Enka softball players celebrate after repeating as the NCHSAA 3-A softball champions on Saturday in Greensboro.
GREENSBORO – Mya Grace, this one was for you.
Enka softball players dabbed away tears Saturday as one of their youngest fans was brought onto the field prior to Game 2 of the NCHSAA 3-A championship series at UNC Greensboro.
Some onlookers wondered aloud what it was all about. The Sugar Jets (26-3) knew, and had all the motivation they needed.
Mars Hill recruit Addison Harris’ three-run homer in the bottom of the seventh inning closed the door on a 5-3 win over C.B. Aycock and a sweep in the best-of-three series.
Western North Carolina’s first back-to-back NCHSAA softball champ in 16 years got a lift from the presence of Mya Grace Phillips. She is a first grader from the Hominy Valley who is battling Burkitt lymphoma.
Enka players signed a ball Saturday for Mya Grace and personally gave her a tie-dyed T-shirt that matched the ones they wore in Greensboro. Mya Grace was wearing a protective mask to shield her from germs at UNCG.
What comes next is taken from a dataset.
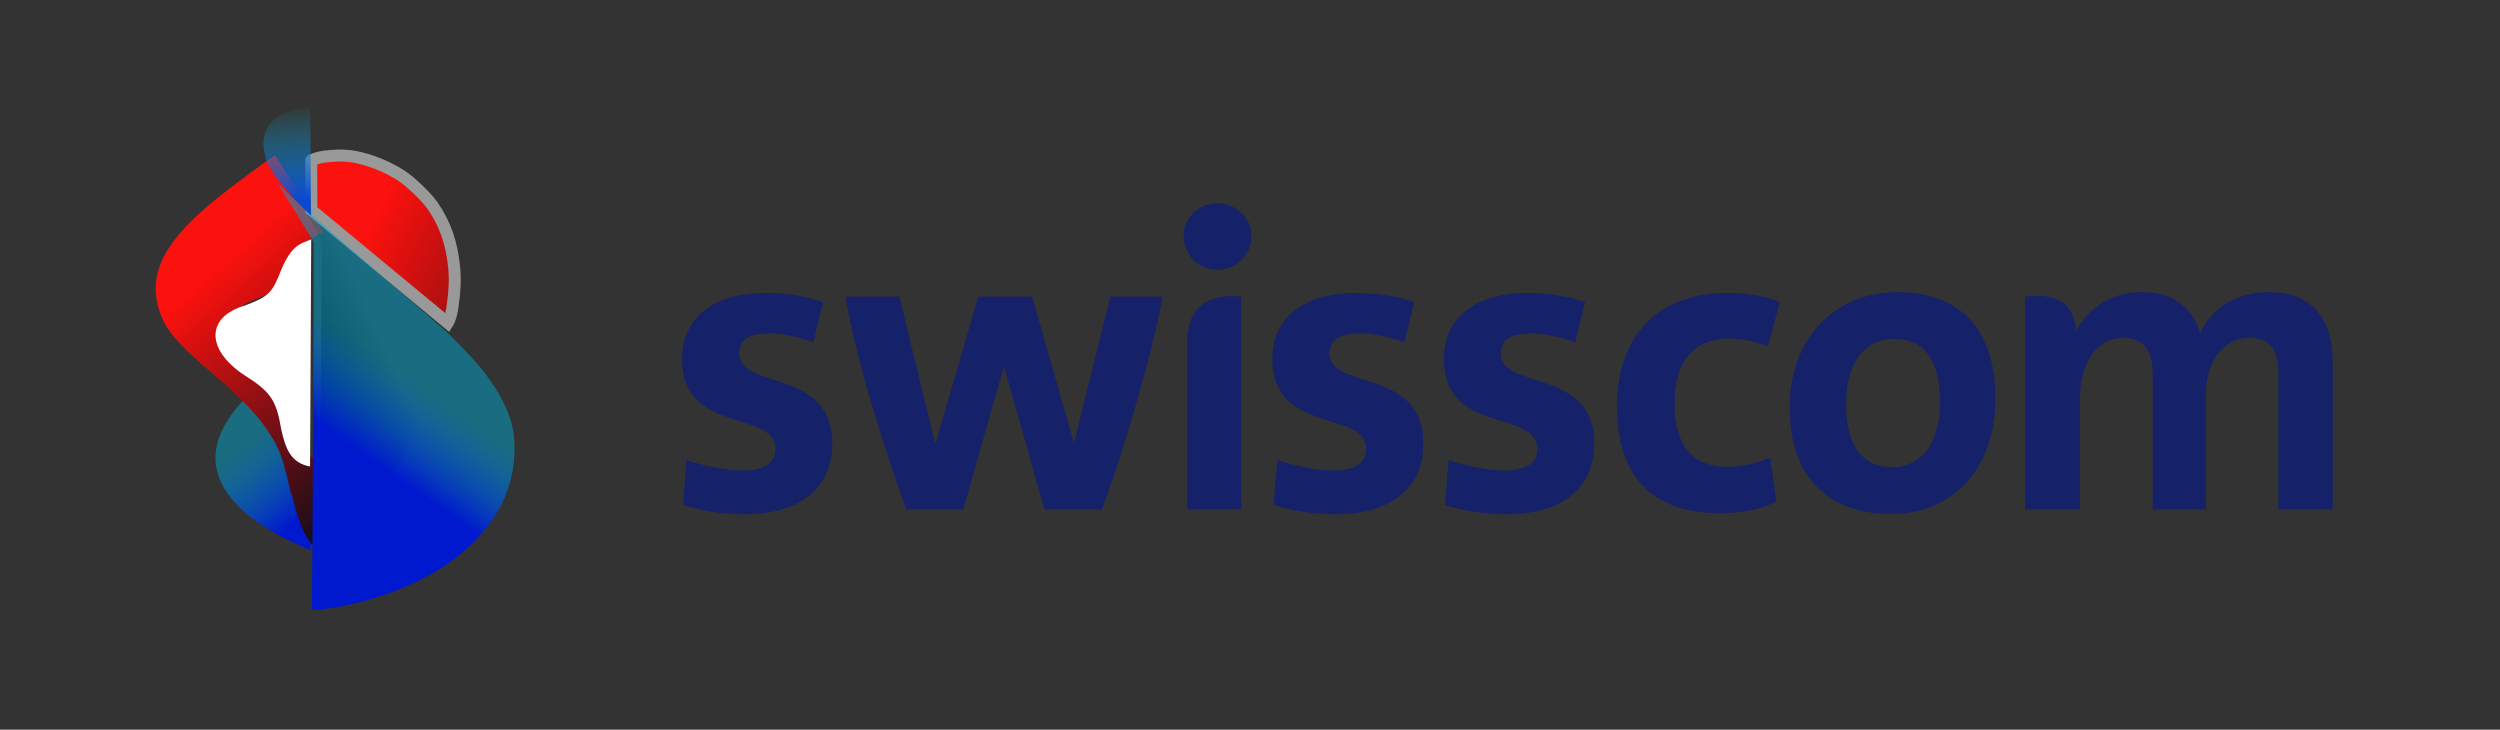 <?xml version="1.0" encoding="UTF-8"?> <svg xmlns="http://www.w3.org/2000/svg" width="209" height="61" viewBox="0 0 209 61" fill="none"><rect x="0" y="0" width="209" height="61" fill="#333333" stroke="none"/><path d="M143.793 42.907C138.584 42.907 135.18 40.267 135.18 33.96C135.18 28.617 138.091 24.485 144.499 24.485C145.878 24.485 147.625 24.765 148.791 25.233L147.81 28.959C146.769 28.588 145.756 28.306 144.621 28.306C141.343 28.306 139.993 30.482 139.993 33.743C139.993 36.912 141.219 39.025 144.438 39.025C145.94 39.025 146.982 38.652 147.993 38.249L148.514 41.913C147.625 42.472 145.756 42.907 143.793 42.907V42.907ZM101.74 22.561C103.332 22.561 104.619 21.317 104.619 19.734C104.619 18.181 103.332 17 101.74 17C100.269 17 98.95 18.181 98.95 19.734C98.95 21.317 100.269 22.561 101.74 22.561ZM99.255 42.596H103.762V24.797C101.647 24.58 99.255 25.17 99.255 28.526V42.596ZM158.292 28.338C156.271 28.338 154.338 29.861 154.338 33.775C154.338 37.162 155.594 39.056 158.232 39.056C160.469 39.056 162.187 37.223 162.187 33.621C162.187 30.171 160.96 28.338 158.292 28.338V28.338ZM158.11 42.969C153.113 42.969 149.618 40.206 149.618 33.992C149.618 28.431 153.296 24.424 158.63 24.424C163.596 24.424 166.814 27.251 166.814 33.309C166.814 39.118 163.321 42.969 158.11 42.969ZM67.99 28.617C67.009 28.245 65.507 27.872 64.281 27.872C62.871 27.872 61.798 28.245 61.798 29.55C61.798 32.625 69.584 30.731 69.584 37.067C69.584 41.354 66.15 43 62.288 43C60.511 43 58.734 42.721 57.109 42.224L57.384 38.465C57.384 38.465 59.958 39.336 62.105 39.336C63.606 39.336 64.833 38.87 64.833 37.533C64.833 34.24 57.016 36.353 57.016 30.046C57.016 26.102 60.296 24.485 63.913 24.485C66.059 24.485 67.776 24.89 68.817 25.263L67.99 28.617V28.617ZM97.202 24.797C96.222 30.078 93.708 38.403 92.114 42.596H87.331L83.96 30.731H83.898L80.528 42.596H75.776C74.243 38.465 71.484 29.861 70.688 24.797H75.193L78.168 37.037H78.228L81.783 24.797H86.29L89.754 36.944H89.815L92.818 24.797H97.202V24.797ZM189.621 24.424C193.024 24.424 195.016 26.288 195.016 30.357V42.596H190.479V31.29C190.479 29.457 189.957 28.245 188.026 28.245C186.096 28.245 184.409 29.953 184.409 33.029V42.596H179.965V31.29C179.965 29.581 179.414 28.245 177.481 28.245C175.459 28.245 173.895 30.141 173.895 33.216V42.596H169.298V24.797C172.301 24.424 173.435 25.667 173.559 27.655C174.661 25.667 176.563 24.424 179.046 24.424C182.202 24.424 183.458 26.195 183.918 27.872C184.684 26.102 186.647 24.424 189.621 24.424V24.424ZM117.401 28.617C116.392 28.245 114.918 27.872 113.694 27.872C112.282 27.872 111.151 28.245 111.151 29.55C111.151 32.625 118.997 30.731 118.997 37.067C118.997 41.354 115.534 43 111.702 43C109.922 43 108.145 42.721 106.46 42.224L106.797 38.465C106.797 38.465 109.371 39.336 111.517 39.336C112.959 39.336 114.215 38.87 114.215 37.533C114.215 34.24 106.367 36.353 106.367 30.046C106.367 26.102 109.677 24.485 113.264 24.485C115.41 24.485 117.188 24.89 118.23 25.263L117.401 28.617V28.617ZM131.686 28.617C130.706 28.245 129.204 27.872 127.977 27.872C126.568 27.872 125.464 28.245 125.464 29.55C125.464 32.625 133.281 30.731 133.281 37.067C133.281 41.354 129.848 43 125.986 43C124.208 43 122.429 42.721 120.805 42.224L121.112 38.465C121.112 38.465 123.655 39.336 125.801 39.336C127.304 39.336 128.529 38.87 128.529 37.533C128.529 34.24 120.712 36.353 120.712 30.046C120.712 26.102 123.993 24.485 127.61 24.485C129.755 24.485 131.502 24.89 132.515 25.263L131.686 28.617" fill="#152168"></path><path d="M21.887 32C14.211 38.483 19.208 43.236 25.977 46L26.016 38.602C22.706 37.934 24.638 33.622 21.887 32L21.887 32Z" fill="url(#paint0_linear_360_89)"></path><path d="M23.012 13C22.855 13.011 19.599 15.402 18.174 16.552C13.711 20.152 12.309 22.89 13.335 26.005C13.857 27.588 14.766 28.665 17.691 31.172C19.891 33.057 21.059 34.214 21.976 35.436C22.077 35.571 22.171 35.706 22.267 35.844C22.294 35.884 22.32 35.915 22.349 35.958C22.35 35.96 22.353 35.961 22.354 35.964C22.379 36 22.401 36.031 22.426 36.067C22.578 36.294 22.717 36.514 22.843 36.73C22.981 36.969 23.107 37.209 23.221 37.459C23.227 37.472 23.232 37.485 23.238 37.497C23.277 37.585 23.315 37.672 23.353 37.764C23.386 37.845 23.419 37.928 23.451 38.014C23.456 38.025 23.458 38.036 23.462 38.047C23.496 38.136 23.528 38.228 23.561 38.324C23.564 38.331 23.564 38.339 23.567 38.346C23.601 38.447 23.636 38.551 23.671 38.661C23.671 38.663 23.67 38.665 23.671 38.667C23.875 39.327 24.073 40.126 24.302 41.185C24.337 41.241 24.351 41.264 24.384 41.315C24.403 41.391 24.42 41.449 24.439 41.528C24.953 43.635 25.487 44.901 26.162 45.612C26.216 45.67 26.393 45.785 26.556 45.868C26.72 45.951 26.886 46.011 26.924 45.998C27.011 45.971 27.031 38.767 26.945 38.542C26.412 38.495 25.851 38.188 25.465 37.775C25.231 37.518 25.025 37.136 24.85 36.649C24.846 36.636 24.838 36.623 24.834 36.611C24.824 36.581 24.816 36.545 24.806 36.513C24.691 36.135 24.57 35.649 24.433 34.979C24 32.856 23.7 32.419 21.712 31.019C20.297 30.023 19.666 29.425 19.342 28.773C19.12 28.325 19.107 28.254 19.107 27.609C19.107 27.037 19.133 26.861 19.266 26.576C19.596 25.864 20.111 25.508 21.756 24.857C23.519 24.161 23.809 23.84 24.609 21.713C25.346 20.131 25.707 20.017 27.016 19.417C27.029 19.419 24.351 15.085 23.013 13L23.012 13Z" fill="url(#paint1_linear_360_89)"></path><path d="M26.71 47C30.505 41.344 34.443 40.18 38.016 27.533L24.016 15L26.908 20.067L26.71 47Z" fill="url(#paint2_linear_360_89)"></path><path d="M28.281 13C27.489 13.042 26.706 13.074 26.018 13.408C26.01 13.391 26.025 13.374 26.033 17.562L37.435 27C37.435 27 37.69 26.607 37.824 25.695C38.02 24.36 38.062 23.34 37.968 22.36C37.77 20.301 37.195 18.666 36.136 17.157C35.642 16.451 34.306 15.175 33.553 14.686C32.413 13.948 30.996 13.371 29.703 13.118C29.278 13.035 28.776 12.998 28.281 13L28.281 13Z" fill="url(#paint3_linear_360_89)" stroke="#999999"></path><path d="M26.069 50.957C26.096 50.945 26.287 20.247 26.216 20.212L23.016 15C22.93 15.549 32.77 23.681 37.312 27.724L38.105 28.512C40.048 30.442 41.291 31.985 42.106 33.68C42.84 35.208 43.07 36.297 43.005 37.951C42.939 39.665 42.455 41.301 41.561 42.837C40.728 44.269 39.115 45.963 37.55 47.051C34.857 48.922 31.197 50.312 27.504 50.867C26.561 51.008 26.144 51.035 26.068 50.958L26.069 50.957Z" fill="url(#paint4_linear_360_89)"></path><path d="M22.21 13.193C22.21 13.131 22.165 12.921 22.111 12.726C21.898 11.96 22.049 11.076 22.504 10.425C22.734 10.096 23.353 9.641 23.838 9.443C24.794 9.053 25.881 8.875 25.945 9.097C25.945 9.097 25.972 18.007 26.015 17.996C26.051 18.133 22.439 14.638 22.21 13.193L22.21 13.193Z" fill="url(#paint5_linear_360_89)"></path><path d="M25.923 38.999L26.016 20C25.232 20.375 24.439 20.338 23.502 22.576C22.773 24.482 22.452 24.802 20.492 25.535C17.114 26.514 17.182 29.387 20.759 31.577C22.767 32.874 23.135 33.687 23.515 35.927C23.875 37.485 24.29 38.703 25.923 39L25.923 38.999Z" fill="white"></path><defs><linearGradient id="paint0_linear_360_89" x1="25.105" y1="43.233" x2="20.271" y2="37.32" gradientUnits="userSpaceOnUse"><stop stop-color="#0019CE"></stop><stop offset="1" stop-color="#00A4CE" stop-opacity="0.498"></stop></linearGradient><linearGradient id="paint1_linear_360_89" x1="38.194" y1="36.988" x2="22.136" y2="18.852" gradientUnits="userSpaceOnUse"><stop stop-color="#040D1A"></stop><stop offset="1" stop-color="#FD110D" stop-opacity="0.994"></stop></linearGradient><linearGradient id="paint2_linear_360_89" x1="26.05" y1="33.45" x2="32.854" y2="30.412" gradientUnits="userSpaceOnUse"><stop></stop><stop offset="1" stop-opacity="0"></stop></linearGradient><linearGradient id="paint3_linear_360_89" x1="56.75" y1="29.988" x2="31.616" y2="17.736" gradientUnits="userSpaceOnUse"><stop stop-color="#040D1A"></stop><stop offset="1" stop-color="#FD110D" stop-opacity="0.994"></stop></linearGradient><linearGradient id="paint4_linear_360_89" x1="27.967" y1="36.257" x2="32.214" y2="30.205" gradientUnits="userSpaceOnUse"><stop stop-color="#0019CE"></stop><stop offset="1" stop-color="#00A4CE" stop-opacity="0.498"></stop></linearGradient><linearGradient id="paint5_linear_360_89" x1="24.793" y1="16.625" x2="24.013" y2="8.727" gradientUnits="userSpaceOnUse"><stop stop-color="#0B4AD0"></stop><stop offset="1" stop-color="#0BB7D0" stop-opacity="0"></stop></linearGradient></defs></svg>

“There really aren’t words to explain it,” said Harris, a senior first baseman who was named the most valuable player of the 3-A state series.
“(Mya Grace) is my hero for everything that she’s going through. She is incredible.”
Mya Grace was first diagnosed with a form of cancer last fall. Her parents, Logan (2000) and Kelly (2001), are both Enka graduates. #TeamMyaGrace has become a local hashtag on Twitter and there have been numerous area fundraisers held in the child’s honor.
“She is fighting right now, and it makes all of us want to fight harder,” Enka senior pitcher Courtney Pearson said.
“It was so great to have her here.”
Pearson (21-1) pitched her second complete-game win in less than 48 hours Saturday. The Queens recruit won about 70 games in her varsity career. Sugar Jets coach Jennifer Kruk can’t imagine any pitcher in the program’s past can say as much.
“Courtney was just a horse,” Kruk said.
“Not only today, but all season long. She knew that we were really going to lean on her this year. She came through every time we needed her. We never put this team in a comfortable situation with our schedule. It was all about challenging ourselves and seeing who would step up.”
Harris was 3-for-4 Saturday with all three of her RBIs coming off the home run that pinged off the UNCG scoreboard in right-center field.
“I would have loved to have seen how far that ball had gone without the scoreboard there,” Kruk said.
Kloyee Anderson, a sophomore who has committed to Alabama, was 2-4 with two runs scored. Danielle Harris went 2-2 with a pair of singles. Payton Trantham was 1-2 with a run scored.
Texas Woman’s recruit Brittany Fletcher had a hit in one of her two at-bats and made several good defensive stops for Enka in center field.
The Sugar Jets will lose four seniors to graduation — Fletcher, Harris, Pearson and Shruti Patel. That group only lost to one North Carolina team (Greenville’s D.H. Conley) in the past two years.
Owen (1999 and 2000 in 2-A) was previously the last mountain softball program to enjoy back-to-back state championships in NCHSAA play.